Coaches and captains
- Head coach: Casey Jones
- Assistant coaches: Josh Hauge Mike Towns
- Captain: Zach Tsekos
- Alternate captain: Jack Jacome

= 2021–22 Clarkson Golden Knights men's ice hockey season =

The 2021–22 Clarkson Golden Knights Men's ice hockey season was the 100th season of play for the program. They represented Clarkson University in the 2021–22 NCAA Division I men's ice hockey season and for the 61st season in the ECAC Hockey conference. The Golden Knights were coached by Casey Jones, in his 11th season, and played their home games at Cheel Arena.

==Season==
After twice missing out on a chance to participate in the NCAA tournament, both as a direct result of COVID-19, Clarkson entered the '22 season looking for a bit of redemption. The Golden Knights got off to a less-than-stellar start, holding a .500 record in early November with three of their wins coming against Alaska, who were still recovering from not having played at all the year before. A strong performance from defending Rookie of the Year Ethan Haider in the second month helped Clarkson right the ship and enabled the team to climb back into the rankings by the beginning of December. Just as things were looking up for the team, Haider's game began to slip. He allowed 13 goals in three games with Clarkson losing each match.

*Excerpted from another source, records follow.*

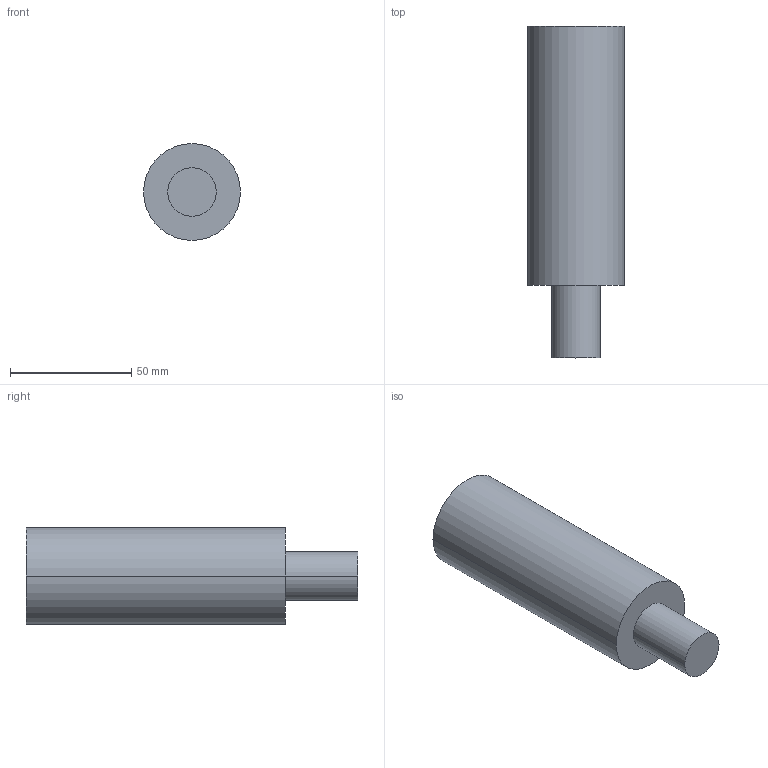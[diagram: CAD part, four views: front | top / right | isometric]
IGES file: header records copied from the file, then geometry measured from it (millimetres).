
Global section: file name: No Iges File Name specified; native system: AutoDesk Inventor R11.0; preprocessor: AutoDesk Inventor Iges Exporter R11.0; author: No Author specified; organization: No Organization specified; date: 20070910.120521; units: millimetre
Bounding box: 40 x 137 x 40 mm (x, y, z)
Volume: 143884.9 mm3; surface area: 17844.2 mm2
Topology: 1 solids, 1 shells, 7 faces, 12 edges, 8 vertices
Faces by surface type: cylinder 4, plane 3

The second half of the season was dominated by Haider being replaced in goal by Jacob Mucitelli while the team's nominal starter fought to rediscover his game. Mucitelli played well in goal, helping the Knights to an 11-game stretch where they didn't lose once. The hefty win total allowed Clarkson to get into the top-15 with a potential shot at an at-large bid but the team had a problem. ECAC Hockey possessed a terrible non-conference record. Part of the league's problem was that eight member teams had not played in 2021 and many were slow to get back into the swing of things. Whatever the cause, however, the poor marks meant that most of Clarkson's conference opponents were rated as weak competition in the PairWise rankings. This meant that each win for Clarkson didn't help the team as much as it otherwise would have while losses proved to be a sizable drag on their postseason hopes. When Clarkson lost two games near the end of the year, the team was pushed out of at-large contention despite being 10 games above .500.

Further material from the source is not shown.